Users/resources/agents are required to deposit/handover all restricted articles, i.e., smartphones, recording devices, mass storage devices etc. before entering client dedicated operation area.

Users/resources/agents shall not be allowed to take any notebook/papers outside of the client dedicated operation area (no paperwork).

Register are maintained to record entry and exit of visitors, contractors and third-party personnel, and shall be escorted at all times.

Adequate fire detection and prevention measures are in place.

We conduct background checks on all its personnel engaged in providing services to client. It includes below checks:

  •   All qualification checks
  •   Employment (current and previous) check
  •   Address check
  •   Court check, national crime database check or Police verification or valid Passport

Access Control

All client data shall be physically or logically segregated from our other customers. Service Provider will have to implement safeguards and controls to limit access to client data to those employees whose role requires such access, and to prevent any unauthorized access.

We abide by a policy of least privilege for granting logical access to the systems part of the platform to employees by granting access only to the systems they are required for their job functions. This includes operating system permissions, file access, user accounts, application to application communications, APIs, and other relevant authorization components. The platform has the capability to assign activities to roles, and map roles to users and provide role-based access to users.

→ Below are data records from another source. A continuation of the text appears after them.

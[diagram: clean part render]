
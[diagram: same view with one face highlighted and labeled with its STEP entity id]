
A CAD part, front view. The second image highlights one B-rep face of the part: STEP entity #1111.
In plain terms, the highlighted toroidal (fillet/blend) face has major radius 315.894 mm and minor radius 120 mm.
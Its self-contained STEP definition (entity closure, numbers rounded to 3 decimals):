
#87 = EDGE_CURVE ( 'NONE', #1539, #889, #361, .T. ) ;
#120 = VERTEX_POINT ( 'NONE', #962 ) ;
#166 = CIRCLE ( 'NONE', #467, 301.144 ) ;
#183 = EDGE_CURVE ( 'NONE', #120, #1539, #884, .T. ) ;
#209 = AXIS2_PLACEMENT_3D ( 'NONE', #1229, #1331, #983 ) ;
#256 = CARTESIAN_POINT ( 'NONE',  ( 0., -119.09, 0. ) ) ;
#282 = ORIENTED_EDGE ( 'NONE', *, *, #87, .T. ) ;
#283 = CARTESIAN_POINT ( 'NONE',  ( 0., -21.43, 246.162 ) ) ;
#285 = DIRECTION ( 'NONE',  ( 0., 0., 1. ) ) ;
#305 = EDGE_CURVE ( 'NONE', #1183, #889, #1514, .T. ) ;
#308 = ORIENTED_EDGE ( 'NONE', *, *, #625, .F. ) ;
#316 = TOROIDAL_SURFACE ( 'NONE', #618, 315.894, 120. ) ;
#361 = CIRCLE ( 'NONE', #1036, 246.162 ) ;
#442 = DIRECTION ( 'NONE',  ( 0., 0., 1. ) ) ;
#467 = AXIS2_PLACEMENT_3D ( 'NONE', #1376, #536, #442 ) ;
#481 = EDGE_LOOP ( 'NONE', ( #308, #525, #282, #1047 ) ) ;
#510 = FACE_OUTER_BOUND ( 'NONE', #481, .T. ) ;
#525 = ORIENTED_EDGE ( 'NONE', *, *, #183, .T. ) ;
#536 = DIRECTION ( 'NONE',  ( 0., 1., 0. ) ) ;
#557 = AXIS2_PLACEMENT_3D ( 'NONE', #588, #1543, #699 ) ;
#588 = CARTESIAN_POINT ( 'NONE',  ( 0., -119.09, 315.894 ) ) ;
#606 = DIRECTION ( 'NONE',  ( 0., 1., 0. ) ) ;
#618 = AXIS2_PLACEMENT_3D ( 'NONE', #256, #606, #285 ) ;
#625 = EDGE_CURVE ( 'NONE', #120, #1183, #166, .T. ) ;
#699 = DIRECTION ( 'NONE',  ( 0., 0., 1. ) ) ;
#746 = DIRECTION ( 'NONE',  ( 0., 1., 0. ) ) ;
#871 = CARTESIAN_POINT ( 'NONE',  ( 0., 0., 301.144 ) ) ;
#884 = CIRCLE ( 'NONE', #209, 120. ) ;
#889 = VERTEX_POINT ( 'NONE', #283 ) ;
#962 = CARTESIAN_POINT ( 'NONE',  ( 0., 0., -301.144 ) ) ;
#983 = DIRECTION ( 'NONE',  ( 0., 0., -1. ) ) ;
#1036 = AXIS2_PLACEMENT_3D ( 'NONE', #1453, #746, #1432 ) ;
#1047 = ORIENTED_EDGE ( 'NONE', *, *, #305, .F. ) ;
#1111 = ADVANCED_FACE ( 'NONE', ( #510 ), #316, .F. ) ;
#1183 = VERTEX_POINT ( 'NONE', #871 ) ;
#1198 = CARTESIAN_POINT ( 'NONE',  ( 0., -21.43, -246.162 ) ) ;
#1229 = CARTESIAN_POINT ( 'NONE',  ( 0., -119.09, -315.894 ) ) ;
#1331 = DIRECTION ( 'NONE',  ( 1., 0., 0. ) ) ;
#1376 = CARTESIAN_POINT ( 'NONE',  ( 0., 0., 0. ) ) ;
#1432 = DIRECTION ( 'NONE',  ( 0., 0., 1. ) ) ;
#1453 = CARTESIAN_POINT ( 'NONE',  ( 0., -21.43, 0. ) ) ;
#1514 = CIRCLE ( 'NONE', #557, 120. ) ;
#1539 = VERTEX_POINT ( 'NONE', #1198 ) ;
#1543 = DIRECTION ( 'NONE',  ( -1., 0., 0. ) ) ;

  •   Local Area Network (LAN) is physically or logically separate from rest of the network. Only client services run from a dedicated network.
  •   No person from within client dedicated network and dedicated operation area is allowed to connect to the internet via modem, router or any other similar means.
  •   No local administrator/privilege user credentials of workstation are shared with users/resources/agents.
  •   No mobile devices including but not limited to laptops of any kind are allowed to be connected on network, unless approved by the client.
  •   All individual users/agents/resources have their own login credentials and they do not share the same with other users/agents/resources.
  •   In case client data is to be stored on a shared/common file server, the access to the client data is to be provided to authorized client process members only through Active Directory or equivalent system.

Data Storage

Customer information is processed solely on clients’ designated systems, if required, and that no client data at any time is processed on or transferred to any server/workstation computing device outside of the secure operation area for client services.

Data Encryption

We store all client data including customer’s personally identifiable information under current legislation or regulations in encrypted form, using a commercially supported encryption solution. Encryption solutions will be deployed with no less than a 256-bit key for symmetric encryption or a 2048 (or larger) key length for asymmetric encryption.

Incident Management and Security Breach Notification

We comply with all applicable laws that require the notification to individuals in the event of unauthorized release of personally identifiable information or other event requiring notification under applicable law, Service Provider to:

  •   Maintain a centralized security incident tracker wherein details of all security incidents occurred in Service Provider environment should be logged and tracked to closure.
  •   Notify client by telephone to its contacts for the engagement relationship and email of such event within 24 hours of discovery.
  •   Assume responsibility for informing all such individuals in accordance with applicable law and indemnify, hold harmless and defend the client and its trustee, officers, and employees from and against any claims, damages, or other harm related to such notification event.